La pregunta sobre el objeto de la vida nace bajo el manto de un grado de profunda ignorancia sobre la real y auténtica condición del hombre en estado, tiempo y condición. Cuando el hombre, recién llegado, se observa y compara con los seres vivos que le rodean, se hace consciente de subio-existencia varios escalones más allá –ignora cuántos—del más evolucionado con el que comparte espacios y subsistencia. No es el más fuerte ni el más veloz. Tampoco el más fiero o aguerrido ni el mejor dotado de armas naturales para el combate: garras, mordida. musculatura, reflejos de relámpago …y sin embargo puede vencerlos a todos. Dominarlos, controlarlos, ponerlos a su. servicio.
Terrenos que suponíamos un tanto áridos respecto a las emociones y su impacto en el espíritu, van despertando, cultivan sentimientos y emociones que se instalan e incuban lentamente en su ADN de donde brota la convicción de superioridad que lo eleva a la condición de ente divino. Así lo piensa y siente, evidenciando las primeras escalas de una alienación que no le abandonará. Hijo de los dioses, ahora no solo controla, domina y ha puesto a su servicio a miles de otros seres. Se enfrenta a la naturaleza con la fuerza de herramientas y creaciones artificiales. La coloca a su servicio desde las perspectivas más utilitarias que pueda concebir. Horada montañas, asalta el subsuelo, se eleva por los aires, desvía el curso de los ríos. Usa y abusa de los recursos que juzga dispuestos sólo para él y su generación.
Alcanza el clímax de la arrogancia y la estupidez pretendiendo ser la cima de la creación.

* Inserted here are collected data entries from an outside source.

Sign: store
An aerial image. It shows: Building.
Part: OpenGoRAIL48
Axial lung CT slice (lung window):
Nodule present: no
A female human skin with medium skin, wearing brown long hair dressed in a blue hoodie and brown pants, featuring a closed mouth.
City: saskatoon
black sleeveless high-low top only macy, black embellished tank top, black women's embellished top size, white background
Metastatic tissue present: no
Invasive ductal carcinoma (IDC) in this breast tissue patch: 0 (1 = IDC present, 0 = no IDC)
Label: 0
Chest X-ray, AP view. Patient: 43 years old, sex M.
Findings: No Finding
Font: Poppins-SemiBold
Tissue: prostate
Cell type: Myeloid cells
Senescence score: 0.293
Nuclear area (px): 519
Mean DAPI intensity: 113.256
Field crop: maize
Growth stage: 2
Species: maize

Cegado irremisiblemente por la alienación que lo ata y esclaviza, se empina en sus talones jurando alcanzar el infinito para dorar la torta de su estulticia clamando que el universo y la totalidad del cosmos se justifican en la medida de su existir divino, hijo predilecto del sumo creador que premia su obra cediéndole espacio vital en el propio centro del Universo: La Tierra.

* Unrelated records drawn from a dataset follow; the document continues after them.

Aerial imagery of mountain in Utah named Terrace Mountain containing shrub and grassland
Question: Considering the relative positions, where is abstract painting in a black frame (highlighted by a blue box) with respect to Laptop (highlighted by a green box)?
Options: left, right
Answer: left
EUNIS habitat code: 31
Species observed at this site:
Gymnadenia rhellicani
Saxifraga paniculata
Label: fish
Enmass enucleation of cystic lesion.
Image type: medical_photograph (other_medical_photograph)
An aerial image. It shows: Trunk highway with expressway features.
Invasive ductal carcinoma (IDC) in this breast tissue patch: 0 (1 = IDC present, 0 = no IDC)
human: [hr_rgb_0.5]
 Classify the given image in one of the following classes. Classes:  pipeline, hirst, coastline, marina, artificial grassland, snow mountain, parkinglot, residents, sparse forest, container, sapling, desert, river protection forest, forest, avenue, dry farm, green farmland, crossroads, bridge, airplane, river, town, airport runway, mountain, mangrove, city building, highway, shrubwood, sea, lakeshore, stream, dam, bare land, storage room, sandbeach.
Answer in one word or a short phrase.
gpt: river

Cuando mentes tan brillantes como rebeldes demuestran la falsedad de sus pretensiones, rechaza el trozo de verdad obtenida. Tanto se niega a la aceptación de comparsa, relegándole del senudo-protagonismo pregonado por todos los medios durante milenios, que al fin cuando dice aceptar las redescubiertas verdades, prosigue elaborando negaciones subrepticias a las pruebas demostrativas de la insignificancia de su casa cósmica, pues si algo se hizo patente a partir de los hallazgos de Galileo, fue observar la pequeñez del tercer planeta del sistema solar. Posteriormente y a medida que las exploraciones del cosmos avanzaron, se colocaron telescopios en órbitas y comenzaron a descubrirse exo-planetas y gigantescos supercúmulos galácticos que hacían parecer motas de polvo a conjuntos planetarios como el nuestro, regido por una pequeña estrella amarilla que en sumismo barrio cósmico encuentra soles como Sirio, muy superior en masa y volumen, Castor y Polux que decuplican a la anterior. Arturus aun mayor, Antares y las gigantescas Betelgeuse y Aldebarán. Soles descomunales que convierten nuestro sol y su cortejo planetario en un mini-sistema.
Cuanto podemos significar nosotros, los seres humanos, habitantes de una pequeña célula en un órgano menor de una galaxia de mediano tamaño. Cuanta estúpida arrogancia el creerse cima de la creación. Cómo se puede llegar a semejantes despropósitos. Somos una partícula más en un experimento del que no tenemos la menor idea para que servirá, quién lo ha creado, con que fines. Toda la filosofía e inquietudes que nos hacen creer pensamientos de alta intensidad y conceptos trascendentes desde la “a” hasta la “z”, no son más que pompas de jabón flotando en nubes de ilusión.
Lo único que parece cierto e indudable es que no somos más importantes que un alga azul, una hormiga o las florecillas de una hierba mala. Desde estas consideraciones se deduce lo absurdo de la pregunta tema de estos párrafos. Tiene objeto la vida?…
Una interrogante formulada desde el error. Ceñirse a la creencia base de la importancia del ser humano, grillo mental autoalienante y enceguecedor
de una partícula bizarra y escandalosa entre los billones de participantes en el caótico experimento de VIVIR.